- [What is required]: Report the count of lines containing the word "place" in these records, with no other text.

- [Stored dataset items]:
○ ○ ○ ○

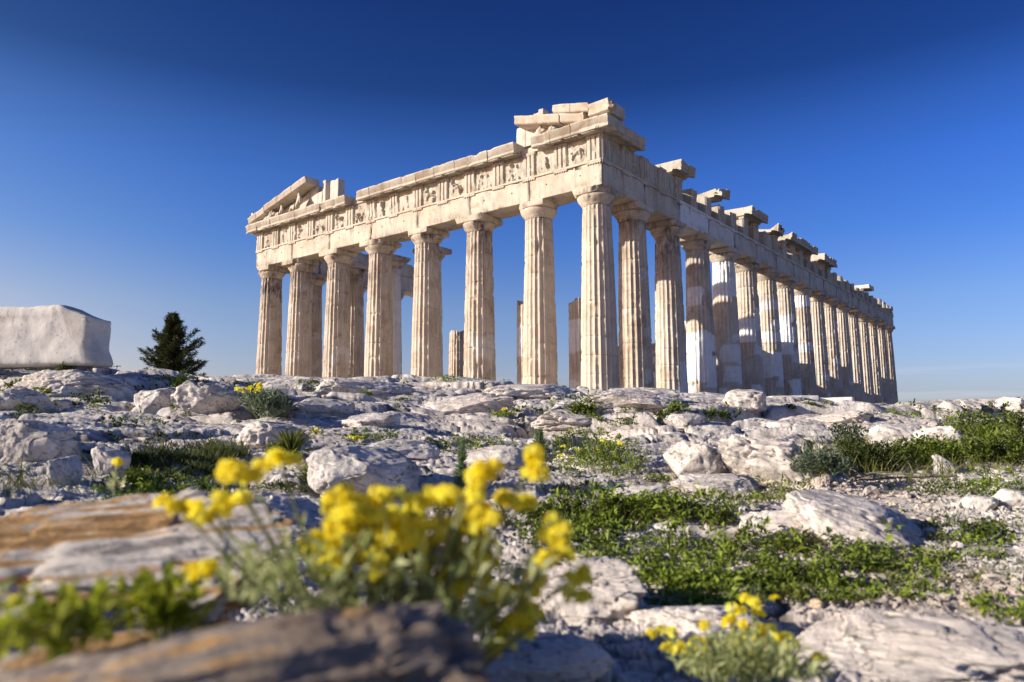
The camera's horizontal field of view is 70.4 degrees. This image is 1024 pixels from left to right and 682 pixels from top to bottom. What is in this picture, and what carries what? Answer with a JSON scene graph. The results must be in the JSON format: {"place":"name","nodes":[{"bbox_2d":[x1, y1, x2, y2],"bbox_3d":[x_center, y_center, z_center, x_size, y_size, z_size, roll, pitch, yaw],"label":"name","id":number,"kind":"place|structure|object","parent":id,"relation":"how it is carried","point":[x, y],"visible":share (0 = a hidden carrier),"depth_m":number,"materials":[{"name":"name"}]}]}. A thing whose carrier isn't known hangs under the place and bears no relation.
{"place":"outdoors","nodes":[
{"label":"outdoors","id":0,"kind":"place"},
{"bbox_2d":[0,368,1023,681],"bbox_3d":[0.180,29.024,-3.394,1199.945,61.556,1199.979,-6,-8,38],"label":"rocky ground","id":1,"kind":"structure","parent":0,"point":[658,438],"depth_m":5.18,"materials":[{"name":"grey stone"}]},
{"bbox_2d":[0,386,55,413],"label":"boulder","id":2,"kind":"object","parent":1,"relation":"on","point":[11,397],"visible":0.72,"depth_m":7.03,"materials":[{"name":"grey stone"}]},
{"bbox_2d":[0,418,80,462],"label":"boulder","id":3,"kind":"object","parent":1,"relation":"on","point":[35,439],"visible":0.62,"depth_m":3.17,"materials":[{"name":"grey stone"}]},
{"bbox_2d":[0,305,112,369],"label":"marble block","id":4,"kind":"object","parent":1,"relation":"on","point":[49,336],"depth_m":9.75,"materials":[{"name":"white stone"}]},
{"bbox_2d":[52,399,73,407],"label":"boulder","id":5,"kind":"object","parent":1,"relation":"on","point":[64,403],"visible":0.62,"depth_m":7.78,"materials":[{"name":"grey stone"}]},
{"bbox_2d":[46,455,82,485],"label":"boulder","id":6,"kind":"object","parent":1,"relation":"on","point":[74,473],"visible":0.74,"depth_m":2.64,"materials":[{"name":"grey stone"}]},
{"bbox_2d":[54,361,75,370],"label":"shrub","id":7,"kind":"object","parent":1,"relation":"on","point":[61,367],"visible":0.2,"depth_m":9.71,"materials":[{"name":"green plant"}]},
{"bbox_2d":[0,571,146,662],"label":"shrub","id":8,"kind":"object","parent":1,"relation":"on","point":[88,619],"visible":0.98,"depth_m":0.45,"materials":[{"name":"green plant"}]},
{"bbox_2d":[13,369,136,398],"bbox_3d":[-5.280,0.547,8.864,1.345,0.383,0.793,2,-7,-20],"label":"boulder","id":9,"kind":"object","parent":1,"relation":"on","point":[62,382],"visible":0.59,"depth_m":8.62,"materials":[{"name":"grey stone"}]},
{"bbox_2d":[91,446,131,475],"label":"boulder","id":10,"kind":"object","parent":1,"relation":"on","point":[104,456],"visible":0.74,"depth_m":3.00,"materials":[{"name":"grey stone"}]},
{"bbox_2d":[0,488,295,673],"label":"boulder","id":11,"kind":"object","parent":1,"relation":"on","point":[128,536],"visible":0.48,"depth_m":0.84,"materials":[{"name":"stone"}]},
{"bbox_2d":[106,457,125,496],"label":"flowering plant","id":12,"kind":"object","parent":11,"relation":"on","point":[117,461],"visible":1,"depth_m":1.12,"materials":[{"name":"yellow plant"}]},
{"bbox_2d":[134,387,176,413],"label":"boulder","id":13,"kind":"object","parent":1,"relation":"on","point":[149,401],"visible":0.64,"depth_m":8.08,"materials":[{"name":"grey stone"}]},
{"bbox_2d":[106,559,222,641],"bbox_3d":[-0.252,0.196,0.528,0.083,0.068,0.076,2,-7,-22],"label":"shrub","id":14,"kind":"object","parent":1,"relation":"on","point":[164,612],"visible":0.96,"depth_m":0.52,"materials":[{"name":"green plant"}]},
{"bbox_2d":[137,311,207,375],"bbox_3d":[-10.244,0.353,22.074,1.925,2.507,1.982,-2,-7,14],"label":"conifer tree","id":15,"kind":"object","parent":1,"relation":"on","point":[168,353],"visible":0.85,"depth_m":21.68,"materials":[{"name":"green plant"}]},
{"bbox_2d":[171,369,191,386],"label":"shrub","id":16,"kind":"object","parent":1,"relation":"on","point":[176,383],"visible":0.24,"depth_m":9.49,"materials":[{"name":"green plant"}]},
{"bbox_2d":[170,380,247,413],"bbox_3d":[-3.345,0.683,8.149,0.797,0.452,0.582,0,-7,-3],"label":"boulder","id":17,"kind":"object","parent":1,"relation":"on","point":[201,397],"visible":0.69,"depth_m":7.92,"materials":[{"name":"grey stone"}]},
{"bbox_2d":[0,601,489,681],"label":"boulder","id":18,"kind":"object","parent":1,"relation":"on","point":[420,642],"visible":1,"depth_m":0.41,"materials":[{"name":"brown stone"}]},
{"bbox_2d":[233,382,298,417],"bbox_3d":[-2.595,0.634,7.710,0.719,0.379,1.859,2,-7,-17],"label":"flowering plant","id":19,"kind":"object","parent":1,"relation":"on","point":[272,402],"visible":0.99,"depth_m":7.08,"materials":[{"name":"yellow plant"}]},
{"bbox_2d":[236,420,310,449],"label":"boulder","id":20,"kind":"object","parent":1,"relation":"on","point":[257,434],"visible":0.61,"depth_m":4.41,"materials":[{"name":"grey stone"}]},
{"bbox_2d":[266,425,313,454],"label":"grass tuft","id":21,"kind":"object","parent":1,"relation":"on","point":[292,441],"visible":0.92,"depth_m":3.81,"materials":[{"name":"green plant"}]},
{"bbox_2d":[253,492,328,548],"bbox_3d":[-0.690,0.522,2.007,0.452,0.199,0.356,-6,-8,38],"label":"boulder","id":22,"kind":"object","parent":1,"relation":"on","point":[281,503],"visible":0.14,"depth_m":1.98,"materials":[{"name":"grey stone"}]},
{"bbox_2d":[297,459,307,482],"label":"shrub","id":23,"kind":"object","parent":1,"relation":"on","point":[305,472],"visible":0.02,"depth_m":3.27,"materials":[{"name":"green plant"}]},
{"bbox_2d":[309,426,325,436],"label":"flowering plant","id":24,"kind":"object","parent":1,"relation":"on","point":[315,431],"visible":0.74,"depth_m":5.72,"materials":[{"name":"yellow plant"}]},
{"bbox_2d":[291,397,354,413],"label":"boulder","id":25,"kind":"object","parent":1,"relation":"on","point":[314,405],"visible":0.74,"depth_m":8.23,"materials":[{"name":"grey stone"}]},
{"bbox_2d":[342,433,367,442],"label":"flowering plant","id":26,"kind":"object","parent":1,"relation":"on","point":[358,437],"visible":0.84,"depth_m":5.49,"materials":[{"name":"yellow plant"}]},
{"bbox_2d":[306,445,420,499],"bbox_3d":[-0.698,0.615,3.265,0.451,0.294,0.444,-6,-8,38],"label":"boulder","id":27,"kind":"object","parent":1,"relation":"on","point":[362,469],"visible":0.75,"depth_m":3.16,"materials":[{"name":"grey stone"}]},
{"bbox_2d":[312,378,414,395],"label":"boulder","id":28,"kind":"object","parent":1,"relation":"on","point":[326,386],"visible":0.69,"depth_m":11.04,"materials":[{"name":"grey stone"}]},
{"bbox_2d":[341,413,399,427],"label":"boulder","id":29,"kind":"object","parent":1,"relation":"on","point":[386,420],"visible":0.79,"depth_m":6.94,"materials":[{"name":"grey stone"}]},
{"bbox_2d":[152,443,594,670],"bbox_3d":[-0.098,0.199,0.595,0.348,0.226,0.170,1,-7,-8],"label":"flowering plant","id":30,"kind":"object","parent":1,"relation":"on","point":[335,554],"visible":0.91,"depth_m":0.58,"materials":[{"name":"yellow plant"}]},
{"bbox_2d":[368,439,440,460],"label":"boulder","id":31,"kind":"object","parent":1,"relation":"on","point":[416,449],"visible":0.55,"depth_m":4.71,"materials":[{"name":"grey stone"}]},
{"bbox_2d":[452,437,468,490],"bbox_3d":[-0.233,0.577,3.383,0.113,0.257,0.126,-6,-8,38],"label":"spurge","id":32,"kind":"object","parent":1,"relation":"on","point":[461,466],"visible":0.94,"depth_m":3.38,"materials":[{"name":"green plant"}]},
{"bbox_2d":[418,393,516,414],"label":"boulder","id":33,"kind":"object","parent":1,"relation":"on","point":[475,402],"visible":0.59,"depth_m":9.70,"materials":[{"name":"grey stone"}]},
{"bbox_2d":[464,445,526,469],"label":"boulder","id":34,"kind":"object","parent":1,"relation":"on","point":[511,457],"visible":0.44,"depth_m":3.92,"materials":[{"name":"grey stone"}]},
{"bbox_2d":[488,407,516,417],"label":"flowering plant","id":35,"kind":"object","parent":1,"relation":"on","point":[496,412],"visible":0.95,"depth_m":8.95,"materials":[{"name":"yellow plant"}]},
{"bbox_2d":[0,423,1010,582],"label":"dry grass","id":36,"kind":"structure","parent":1,"relation":"on","point":[210,451],"depth_m":3.45,"materials":[{"name":"green plant"}]},
{"bbox_2d":[0,366,1023,623],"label":"ground cover","id":37,"kind":"object","parent":1,"relation":"on","point":[682,576],"visible":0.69,"depth_m":2.34,"materials":[{"name":"green plant"}]},
{"bbox_2d":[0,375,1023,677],"bbox_3d":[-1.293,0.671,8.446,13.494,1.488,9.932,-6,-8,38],"label":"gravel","id":38,"kind":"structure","parent":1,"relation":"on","point":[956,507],"depth_m":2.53,"materials":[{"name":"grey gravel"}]},
{"bbox_2d":[483,384,575,398],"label":"boulder","id":39,"kind":"object","parent":1,"relation":"on","point":[546,391],"visible":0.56,"depth_m":12.10,"materials":[{"name":"grey stone"}]},
{"bbox_2d":[531,428,550,457],"bbox_3d":[0.197,0.729,5.123,0.177,0.253,0.180,-6,-8,38],"label":"spurge","id":40,"kind":"object","parent":1,"relation":"on","point":[539,439],"visible":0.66,"depth_m":5.11,"materials":[{"name":"green plant"}]},
{"bbox_2d":[477,634,614,681],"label":"boulder","id":41,"kind":"object","parent":1,"relation":"on","point":[562,658],"visible":0.71,"depth_m":1.01,"materials":[{"name":"grey stone"}]},
{"bbox_2d":[530,405,601,430],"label":"boulder","id":42,"kind":"object","parent":1,"relation":"on","point":[559,418],"visible":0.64,"depth_m":7.84,"materials":[{"name":"grey stone"}]},
{"bbox_2d":[245,97,897,403],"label":"temple","id":43,"kind":"structure","parent":1,"relation":"on","point":[790,314],"depth_m":45.75,"materials":[{"name":"stone"}]},
{"bbox_2d":[564,395,599,414],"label":"shrub","id":44,"kind":"object","parent":1,"relation":"on","point":[573,407],"visible":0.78,"depth_m":7.95,"materials":[{"name":"green plant"}]},
{"bbox_2d":[532,556,647,622],"bbox_3d":[0.151,0.524,1.515,0.271,0.134,0.221,-2,-7,11],"label":"boulder","id":45,"kind":"object","parent":1,"relation":"on","point":[617,587],"visible":0.6,"depth_m":1.44,"materials":[{"name":"grey stone"}]},
{"bbox_2d":[557,437,634,466],"bbox_3d":[0.555,0.762,4.750,0.512,0.283,1.017,-2,-7,11],"label":"flowering plant","id":46,"kind":"object","parent":1,"relation":"on","point":[596,450],"visible":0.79,"depth_m":4.58,"materials":[{"name":"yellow plant"}]},
{"bbox_2d":[582,389,684,409],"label":"boulder","id":47,"kind":"object","parent":1,"relation":"on","point":[641,399],"visible":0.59,"depth_m":8.03,"materials":[{"name":"grey stone"}]},
{"bbox_2d":[629,565,647,580],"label":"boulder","id":48,"kind":"object","parent":1,"relation":"on","point":[635,567],"visible":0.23,"depth_m":1.78,"materials":[{"name":"grey stone"}]},
{"bbox_2d":[610,485,668,503],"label":"boulder","id":49,"kind":"object","parent":1,"relation":"on","point":[634,489],"visible":0.17,"depth_m":2.88,"materials":[{"name":"grey stone"}]},
{"bbox_2d":[339,418,1023,606],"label":"grass","id":50,"kind":"structure","parent":1,"relation":"on","point":[793,598],"depth_m":2.61,"materials":[{"name":"green plant"}]},
{"bbox_2d":[668,413,704,429],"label":"boulder","id":51,"kind":"object","parent":1,"relation":"on","point":[679,421],"visible":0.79,"depth_m":7.11,"materials":[{"name":"grey stone"}]},
{"bbox_2d":[663,437,723,476],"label":"boulder","id":52,"kind":"object","parent":1,"relation":"on","point":[697,456],"visible":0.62,"depth_m":3.96,"materials":[{"name":"grey stone"}]},
{"bbox_2d":[627,605,762,650],"bbox_3d":[0.355,0.533,1.386,0.253,0.069,0.281,1,-7,-13],"label":"boulder","id":53,"kind":"object","parent":1,"relation":"on","point":[684,620],"visible":0.35,"depth_m":1.33,"materials":[{"name":"grey stone"}]},
{"bbox_2d":[670,473,759,497],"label":"boulder","id":54,"kind":"object","parent":1,"relation":"on","point":[740,483],"visible":0.58,"depth_m":3.48,"materials":[{"name":"grey stone"}]},
{"bbox_2d":[644,592,840,681],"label":"flowering plant","id":55,"kind":"object","parent":1,"relation":"on","point":[735,650],"visible":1,"depth_m":0.90,"materials":[{"name":"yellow plant"}]},
{"bbox_2d":[722,389,766,413],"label":"boulder","id":56,"kind":"object","parent":1,"relation":"on","point":[753,401],"visible":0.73,"depth_m":8.34,"materials":[{"name":"grey stone"}]},
{"bbox_2d":[737,584,757,595],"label":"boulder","id":57,"kind":"object","parent":1,"relation":"on","point":[754,592],"visible":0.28,"depth_m":1.67,"materials":[{"name":"grey stone"}]},
{"bbox_2d":[708,434,815,483],"bbox_3d":[1.392,0.669,3.964,0.615,0.322,0.438,-6,-8,38],"label":"boulder","id":58,"kind":"object","parent":1,"relation":"on","point":[763,456],"visible":0.54,"depth_m":3.85,"materials":[{"name":"grey stone"}]},
{"bbox_2d":[739,510,815,541],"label":"boulder","id":59,"kind":"object","parent":1,"relation":"on","point":[785,518],"visible":0.4,"depth_m":2.41,"materials":[{"name":"grey stone"}]},
{"bbox_2d":[768,395,818,400],"bbox_3d":[7.903,1.620,20.482,1.320,0.165,0.616,-1,-7,4],"label":"marble slab","id":60,"kind":"object","parent":1,"relation":"on","point":[815,397],"depth_m":20.18,"materials":[{"name":"white stone"}]},
{"bbox_2d":[810,598,823,607],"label":"boulder","id":61,"kind":"object","parent":1,"relation":"on","point":[816,603],"visible":0.86,"depth_m":1.59,"materials":[{"name":"stone"}]},
{"bbox_2d":[783,442,857,475],"bbox_3d":[1.472,0.572,3.474,0.328,0.180,0.289,-6,-8,38],"label":"shrub","id":62,"kind":"object","parent":1,"relation":"on","point":[813,463],"visible":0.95,"depth_m":3.43,"materials":[{"name":"green plant"}]},
{"bbox_2d":[820,397,854,402],"bbox_3d":[9.176,1.698,20.484,0.868,0.225,0.616,-4,-8,29],"label":"marble slab","id":63,"kind":"object","parent":1,"relation":"on","point":[836,399],"depth_m":20.24,"materials":[{"name":"white stone"}]},
{"bbox_2d":[805,410,873,422],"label":"boulder","id":64,"kind":"object","parent":1,"relation":"on","point":[857,415],"visible":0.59,"depth_m":7.21,"materials":[{"name":"grey stone"}]},
{"bbox_2d":[826,417,868,446],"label":"shrub","id":65,"kind":"object","parent":1,"relation":"on","point":[839,428],"visible":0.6,"depth_m":5.18,"materials":[{"name":"green plant"}]},
{"bbox_2d":[781,489,926,550],"bbox_3d":[1.161,0.647,2.453,0.477,0.263,0.463,-6,-8,38],"label":"boulder","id":66,"kind":"object","parent":1,"relation":"on","point":[836,512],"visible":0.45,"depth_m":2.35,"materials":[{"name":"grey stone"}]},
{"bbox_2d":[822,434,910,472],"bbox_3d":[2.026,0.651,4.185,0.382,0.246,0.416,1,-7,-11],"label":"shrub","id":67,"kind":"object","parent":1,"relation":"on","point":[865,451],"visible":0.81,"depth_m":4.08,"materials":[{"name":"green plant"}]},
{"bbox_2d":[869,423,921,448],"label":"boulder","id":68,"kind":"object","parent":1,"relation":"on","point":[891,432],"visible":0.41,"depth_m":4.91,"materials":[{"name":"grey stone"}]},
{"bbox_2d":[843,469,959,481],"bbox_3d":[1.986,0.671,3.604,0.678,0.075,0.141,-1,-7,2],"label":"dry twig clump","id":69,"kind":"object","parent":1,"relation":"on","point":[862,476],"visible":0.83,"depth_m":3.64,"materials":[{"name":"plant"}]},
{"bbox_2d":[786,607,1023,681],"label":"boulder","id":70,"kind":"object","parent":1,"relation":"on","point":[896,646],"visible":0.84,"depth_m":1.13,"materials":[{"name":"grey stone"}]},
{"bbox_2d":[888,431,971,465],"bbox_3d":[2.516,0.659,4.397,0.470,0.228,0.410,-6,-8,38],"label":"shrub","id":71,"kind":"object","parent":1,"relation":"on","point":[927,448],"visible":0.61,"depth_m":4.35,"materials":[{"name":"green plant"}]},
{"bbox_2d":[913,425,968,446],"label":"boulder","id":72,"kind":"object","parent":1,"relation":"on","point":[949,430],"visible":0.34,"depth_m":4.66,"materials":[{"name":"grey stone"}]},
{"bbox_2d":[932,454,964,472],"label":"boulder","id":73,"kind":"object","parent":1,"relation":"on","point":[946,461],"visible":0.39,"depth_m":3.98,"materials":[{"name":"grey stone"}]},
{"bbox_2d":[938,401,963,416],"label":"boulder","id":74,"kind":"object","parent":1,"relation":"on","point":[949,406],"visible":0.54,"depth_m":8.62,"materials":[{"name":"grey stone"}]},
{"bbox_2d":[958,399,981,412],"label":"boulder","id":75,"kind":"object","parent":1,"relation":"on","point":[968,403],"visible":0.68,"depth_m":8.70,"materials":[{"name":"grey stone"}]},
{"bbox_2d":[955,474,984,481],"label":"boulder","id":76,"kind":"object","parent":1,"relation":"on","point":[976,476],"visible":0.47,"depth_m":3.56,"materials":[{"name":"grey stone"}]},
{"bbox_2d":[930,417,1023,463],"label":"shrub","id":77,"kind":"object","parent":1,"relation":"on","point":[987,446],"visible":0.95,"depth_m":4.15,"materials":[{"name":"green plant"}]},
{"bbox_2d":[960,495,998,509],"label":"boulder","id":78,"kind":"object","parent":1,"relation":"on","point":[982,502],"visible":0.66,"depth_m":2.79,"materials":[{"name":"grey stone"}]},
{"bbox_2d":[937,409,1023,435],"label":"shrub","id":79,"kind":"object","parent":1,"relation":"on","point":[1017,419],"visible":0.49,"depth_m":6.32,"materials":[{"name":"green plant"}]},
{"bbox_2d":[991,488,1023,506],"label":"boulder","id":80,"kind":"object","parent":1,"relation":"on","point":[1007,497],"visible":0.56,"depth_m":2.79,"materials":[{"name":"grey stone"}]},
{"bbox_2d":[993,397,1023,410],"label":"boulder","id":81,"kind":"object","parent":1,"relation":"on","point":[1013,403],"visible":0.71,"depth_m":8.88,"materials":[{"name":"grey stone"}]},
{"bbox_2d":[0,0,1023,402],"label":"sky","id":82,"kind":"structure","parent":0,"point":[140,140],"materials":[{"name":"blue"}]}
]}

○ ○ ○ ○

- [Worked solution]: 3